With the law, Uncle Sam took a giant step toward ending the decades-old cycle of long-term dependency that old-school welfare had caused. In its place came a new emphasis on moving welfare recipients into the workforce, giving them a real sense of self-respect and financial independence.

It’s been one of America’s great success stories — yet it remains under attack from leftists who insist it did more harm than good and want to restore the old down-spiraling cycle of open-ended cash handouts.

A new analysis by the Manhattan Institute’s Scott Winship shows just how successful welfare reform has been — and how wrong the critics were then and are now.

Far from creating more poverty, Winship shows, the new rules have left children — particularly in single-parent families — less likely to be poor today. Indeed, poverty rates for black children and single-parent families have dropped to historic lows.

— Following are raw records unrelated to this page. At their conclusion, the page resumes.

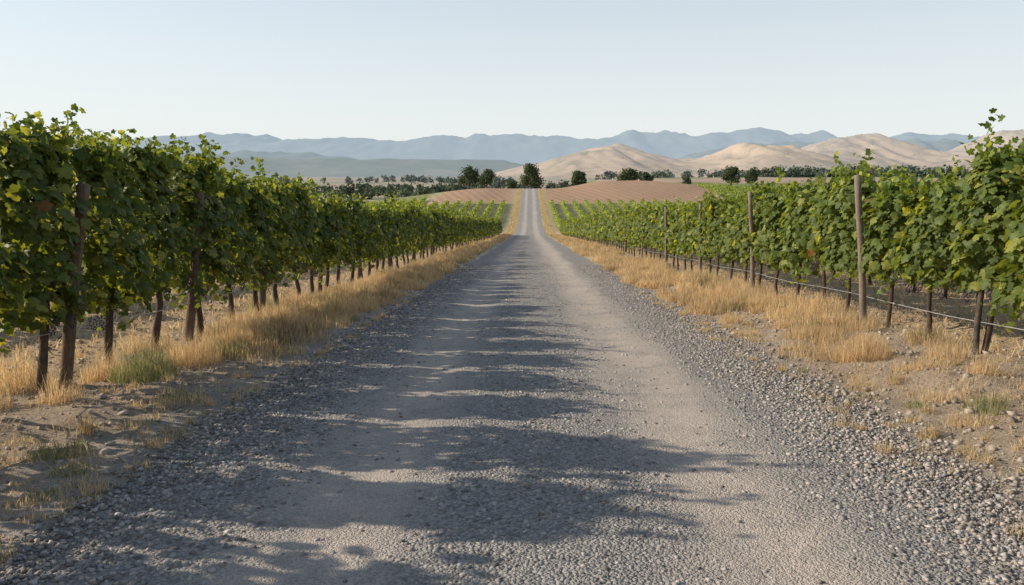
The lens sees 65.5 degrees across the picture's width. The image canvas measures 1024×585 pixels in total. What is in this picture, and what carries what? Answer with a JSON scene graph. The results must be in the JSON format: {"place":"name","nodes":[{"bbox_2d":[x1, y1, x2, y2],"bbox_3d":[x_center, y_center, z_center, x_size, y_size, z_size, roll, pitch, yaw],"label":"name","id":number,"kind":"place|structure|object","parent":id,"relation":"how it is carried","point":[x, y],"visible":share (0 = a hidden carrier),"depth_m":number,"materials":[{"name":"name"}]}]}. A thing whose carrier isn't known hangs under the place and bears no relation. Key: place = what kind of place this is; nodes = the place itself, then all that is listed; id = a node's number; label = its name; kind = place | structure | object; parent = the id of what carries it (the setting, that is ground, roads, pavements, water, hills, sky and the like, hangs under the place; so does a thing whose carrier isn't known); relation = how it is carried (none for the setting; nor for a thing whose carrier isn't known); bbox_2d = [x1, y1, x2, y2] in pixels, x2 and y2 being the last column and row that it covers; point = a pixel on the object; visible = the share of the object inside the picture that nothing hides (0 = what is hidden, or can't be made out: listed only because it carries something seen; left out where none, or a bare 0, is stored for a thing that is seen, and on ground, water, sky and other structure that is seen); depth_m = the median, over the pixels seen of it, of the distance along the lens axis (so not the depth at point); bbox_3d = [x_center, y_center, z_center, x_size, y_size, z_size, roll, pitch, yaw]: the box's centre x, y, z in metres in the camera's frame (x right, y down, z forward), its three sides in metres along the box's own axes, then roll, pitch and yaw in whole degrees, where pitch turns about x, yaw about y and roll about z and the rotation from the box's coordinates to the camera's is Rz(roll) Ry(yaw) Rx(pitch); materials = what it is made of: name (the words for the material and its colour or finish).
{"place":"outdoors","nodes":[
{"label":"outdoors","id":0,"kind":"place"},
{"bbox_2d":[5,152,522,176],"bbox_3d":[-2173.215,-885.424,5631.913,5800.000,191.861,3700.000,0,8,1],"label":"wooded hills","id":1,"kind":"structure","parent":0,"point":[335,167],"depth_m":4612.56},
{"bbox_2d":[0,189,1023,584],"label":"gravel road","id":2,"kind":"structure","parent":0,"point":[814,545],"depth_m":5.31,"materials":[{"name":"grey gravel"}]},
{"bbox_2d":[0,176,1023,570],"bbox_3d":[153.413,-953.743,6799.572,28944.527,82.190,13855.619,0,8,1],"label":"ground","id":3,"kind":"structure","parent":0,"point":[594,190],"depth_m":9.03,"materials":[{"name":"beige soil"}]},
{"bbox_2d":[59,183,90,387],"bbox_3d":[-4.597,0.024,8.357,0.484,2.321,0.138,-1,8,-8],"label":"trellis post","id":4,"kind":"object","parent":3,"relation":"on","point":[69,335],"visible":0.6,"depth_m":8.34,"materials":[{"name":"wood"}]},
{"bbox_2d":[0,218,329,285],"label":"grapevine row","id":5,"kind":"object","parent":3,"relation":"on","point":[82,268],"depth_m":16.13,"materials":[{"name":"green plant"}]},
{"bbox_2d":[184,192,203,340],"bbox_3d":[-4.597,-0.287,11.490,0.407,2.320,0.138,-1,8,-8],"label":"trellis post","id":6,"kind":"object","parent":3,"relation":"on","point":[191,312],"visible":0.66,"depth_m":11.46,"materials":[{"name":"wood"}]},
{"bbox_2d":[0,103,501,392],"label":"grapevine row","id":7,"kind":"object","parent":3,"relation":"on","point":[283,237],"visible":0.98,"depth_m":10.23,"materials":[{"name":"green plant"}]},
{"bbox_2d":[259,217,266,308],"bbox_3d":[-4.585,-0.529,14.697,0.254,2.315,0.137,-3,8,-18],"label":"trellis post","id":8,"kind":"object","parent":3,"relation":"on","point":[262,296],"visible":0.12,"depth_m":14.71,"materials":[{"name":"wood"}]},
{"bbox_2d":[117,196,505,223],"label":"hillside vineyard","id":9,"kind":"object","parent":3,"relation":"on","point":[464,208],"visible":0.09,"depth_m":223.18,"materials":[{"name":"green plant"}]},
{"bbox_2d":[318,206,322,291],"bbox_3d":[-4.520,-0.930,18.771,0.205,2.214,0.116,-2,8,-16],"label":"trellis post","id":10,"kind":"object","parent":3,"relation":"on","point":[320,284],"visible":0.22,"depth_m":18.81,"materials":[{"name":"brown wood"}]},
{"bbox_2d":[248,181,464,199],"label":"distant trees","id":11,"kind":"object","parent":3,"relation":"on","point":[368,190],"visible":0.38,"depth_m":701.29,"materials":[{"name":"green plant"}]},
{"bbox_2d":[357,259,360,279],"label":"trellis post","id":12,"kind":"object","parent":3,"relation":"on","point":[358,272],"visible":0.17,"depth_m":23.21,"materials":[{"name":"brown wood"}]},
{"bbox_2d":[249,174,513,183],"bbox_3d":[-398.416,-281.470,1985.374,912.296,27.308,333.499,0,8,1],"label":"distant trees","id":13,"kind":"object","parent":3,"relation":"on","point":[413,178],"visible":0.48,"depth_m":1987.07,"materials":[{"name":"green plant"}]},
{"bbox_2d":[388,255,390,269],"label":"trellis post","id":14,"kind":"object","parent":3,"relation":"on","point":[389,262],"visible":0.12,"depth_m":28.19,"materials":[{"name":"wood"}]},
{"bbox_2d":[276,179,509,193],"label":"distant trees","id":15,"kind":"object","parent":3,"relation":"on","point":[502,183],"visible":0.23,"depth_m":1155.30,"materials":[{"name":"green plant"}]},
{"bbox_2d":[456,165,479,188],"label":"oak tree","id":16,"kind":"object","parent":3,"relation":"on","point":[470,178],"visible":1,"depth_m":317.72,"materials":[{"name":"green plant"}]},
{"bbox_2d":[477,168,496,187],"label":"oak tree","id":17,"kind":"object","parent":3,"relation":"on","point":[487,175],"visible":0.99,"depth_m":330.17,"materials":[{"name":"green plant"}]},
{"bbox_2d":[0,188,1023,563],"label":"dry grass","id":18,"kind":"structure","parent":3,"relation":"on","point":[308,316],"depth_m":11.82,"materials":[{"name":"beige plant"}]},
{"bbox_2d":[0,276,1023,542],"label":"soil clods","id":19,"kind":"object","parent":3,"relation":"on","point":[232,390],"visible":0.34,"depth_m":8.06,"materials":[{"name":"soil"}]},
{"bbox_2d":[0,288,1023,544],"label":"green weeds","id":20,"kind":"object","parent":3,"relation":"on","point":[150,368],"visible":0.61,"depth_m":7.64,"materials":[{"name":"green plant"}]},
{"bbox_2d":[506,179,518,188],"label":"oak tree","id":21,"kind":"object","parent":3,"relation":"on","point":[512,184],"visible":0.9,"depth_m":552.94,"materials":[{"name":"green plant"}]},
{"bbox_2d":[45,250,997,335],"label":"grape bunches","id":22,"kind":"object","parent":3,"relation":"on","point":[315,274],"visible":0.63,"depth_m":10.74,"materials":[{"name":"purple food"}]},
{"bbox_2d":[519,162,545,188],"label":"oak tree","id":23,"kind":"object","parent":3,"relation":"on","point":[531,173],"visible":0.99,"depth_m":388.92,"materials":[{"name":"green plant"}]},
{"bbox_2d":[471,169,673,188],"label":"distant trees","id":24,"kind":"object","parent":3,"relation":"on","point":[563,184],"visible":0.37,"depth_m":914.42,"materials":[{"name":"green plant"}]},
{"bbox_2d":[570,170,586,185],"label":"oak tree","id":25,"kind":"object","parent":3,"relation":"on","point":[578,177],"visible":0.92,"depth_m":462.99,"materials":[{"name":"green plant"}]},
{"bbox_2d":[615,168,641,180],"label":"oak tree","id":26,"kind":"object","parent":3,"relation":"on","point":[628,174],"visible":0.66,"depth_m":488.79,"materials":[{"name":"green plant"}]},
{"bbox_2d":[641,211,642,254],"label":"trellis post","id":27,"kind":"object","parent":3,"relation":"on","point":[642,237],"visible":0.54,"depth_m":36.37,"materials":[{"name":"wood"}]},
{"bbox_2d":[639,171,653,180],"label":"oak tree","id":28,"kind":"object","parent":3,"relation":"on","point":[646,176],"visible":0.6,"depth_m":503.77,"materials":[{"name":"green plant"}]},
{"bbox_2d":[664,207,667,261],"bbox_3d":[5.769,-2.011,29.867,0.181,2.381,0.111,-2,8,-14],"label":"trellis post","id":29,"kind":"object","parent":3,"relation":"on","point":[666,239],"visible":0.69,"depth_m":29.80,"materials":[{"name":"grey wood"}]},
{"bbox_2d":[595,168,777,179],"bbox_3d":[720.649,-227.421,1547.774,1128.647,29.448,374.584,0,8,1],"label":"distant trees","id":30,"kind":"object","parent":3,"relation":"on","point":[611,175],"visible":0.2,"depth_m":1512.70,"materials":[{"name":"green plant"}]},
{"bbox_2d":[682,176,691,183],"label":"oak tree","id":31,"kind":"object","parent":3,"relation":"on","point":[687,180],"visible":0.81,"depth_m":510.54,"materials":[{"name":"green plant"}]},
{"bbox_2d":[698,203,702,272],"bbox_3d":[5.646,-1.476,23.887,0.165,2.380,0.115,-2,8,-14],"label":"trellis post","id":32,"kind":"object","parent":3,"relation":"on","point":[700,229],"visible":0.48,"depth_m":23.83,"materials":[{"name":"wood"}]},
{"bbox_2d":[721,165,740,185],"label":"oak tree","id":33,"kind":"object","parent":3,"relation":"on","point":[730,173],"visible":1,"depth_m":549.10,"materials":[{"name":"green plant"}]},
{"bbox_2d":[744,168,757,185],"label":"oak tree","id":34,"kind":"object","parent":3,"relation":"on","point":[752,174],"visible":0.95,"depth_m":563.08,"materials":[{"name":"green plant"}]},
{"bbox_2d":[748,191,754,288],"bbox_3d":[5.472,-1.059,18.194,0.265,2.481,0.110,-1,8,-10],"label":"trellis post","id":35,"kind":"object","parent":3,"relation":"on","point":[752,265],"visible":0.81,"depth_m":18.14,"materials":[{"name":"grey wood"}]},
{"bbox_2d":[549,182,1018,229],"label":"hillside vineyard","id":36,"kind":"object","parent":3,"relation":"on","point":[737,190],"visible":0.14,"depth_m":226.89,"materials":[{"name":"green plant"}]},
{"bbox_2d":[559,108,1023,353],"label":"grapevine row","id":37,"kind":"object","parent":3,"relation":"on","point":[936,227],"visible":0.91,"depth_m":11.90,"materials":[{"name":"green plant"}]},
{"bbox_2d":[694,186,1022,310],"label":"grapevine row","id":38,"kind":"object","parent":3,"relation":"on","point":[914,289],"depth_m":18.39,"materials":[{"name":"green plant"}]},
{"bbox_2d":[854,175,866,327],"bbox_3d":[5.300,-0.538,12.111,0.341,2.483,0.112,-1,8,-6],"label":"trellis post","id":39,"kind":"object","parent":3,"relation":"on","point":[860,243],"visible":0.88,"depth_m":12.05,"materials":[{"name":"wood"}]},
{"bbox_2d":[751,163,974,177],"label":"distant trees","id":40,"kind":"object","parent":3,"relation":"on","point":[795,172],"visible":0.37,"depth_m":988.03,"materials":[{"name":"green plant"}]},
{"bbox_2d":[973,263,985,354],"bbox_3d":[5.486,0.205,9.344,0.086,1.357,0.072,0,8,1],"label":"vine trunk","id":41,"kind":"object","parent":3,"relation":"on","point":[978,317],"visible":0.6,"depth_m":9.34,"materials":[{"name":"brown wood"}]},
{"bbox_2d":[0,0,1023,140],"label":"sky","id":42,"kind":"structure","parent":0,"point":[395,70],"materials":[{"name":"blue"}]},
{"bbox_2d":[51,127,979,164],"bbox_3d":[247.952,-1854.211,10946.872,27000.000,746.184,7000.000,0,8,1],"label":"mountain range","id":43,"kind":"structure","parent":0,"point":[523,149],"depth_m":9620.33,"materials":[{"name":"blue stone"}]},
{"bbox_2d":[216,138,964,159],"bbox_3d":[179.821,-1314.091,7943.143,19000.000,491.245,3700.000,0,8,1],"label":"mountain foothills","id":44,"kind":"structure","parent":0,"point":[943,145],"depth_m":7590.52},
{"bbox_2d":[494,129,1023,178],"bbox_3d":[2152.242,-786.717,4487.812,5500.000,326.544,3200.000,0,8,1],"label":"golden hills","id":45,"kind":"structure","parent":0,"point":[618,157],"depth_m":3916.58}
]}

And as people moved from welfare to work, employment rates for single mothers rose 15 percent, while teen pregnancy took a dramatic drop.

Indeed, with the growth of non-cash government aid — food stamps, housing aid, Medicaid, etc. — “there is little evidence that welfare reform caused an increase in hardship or extreme-cash poverty,” the report concludes.

Yes, some problems remain: The growth of those non-cash programs, for example, tends to undermine work requirements.

But the underlying principle has been proved: Most people on welfare don’t want to remain forever dependent on government handouts. And the best way to fight poverty is to help them join the workforce.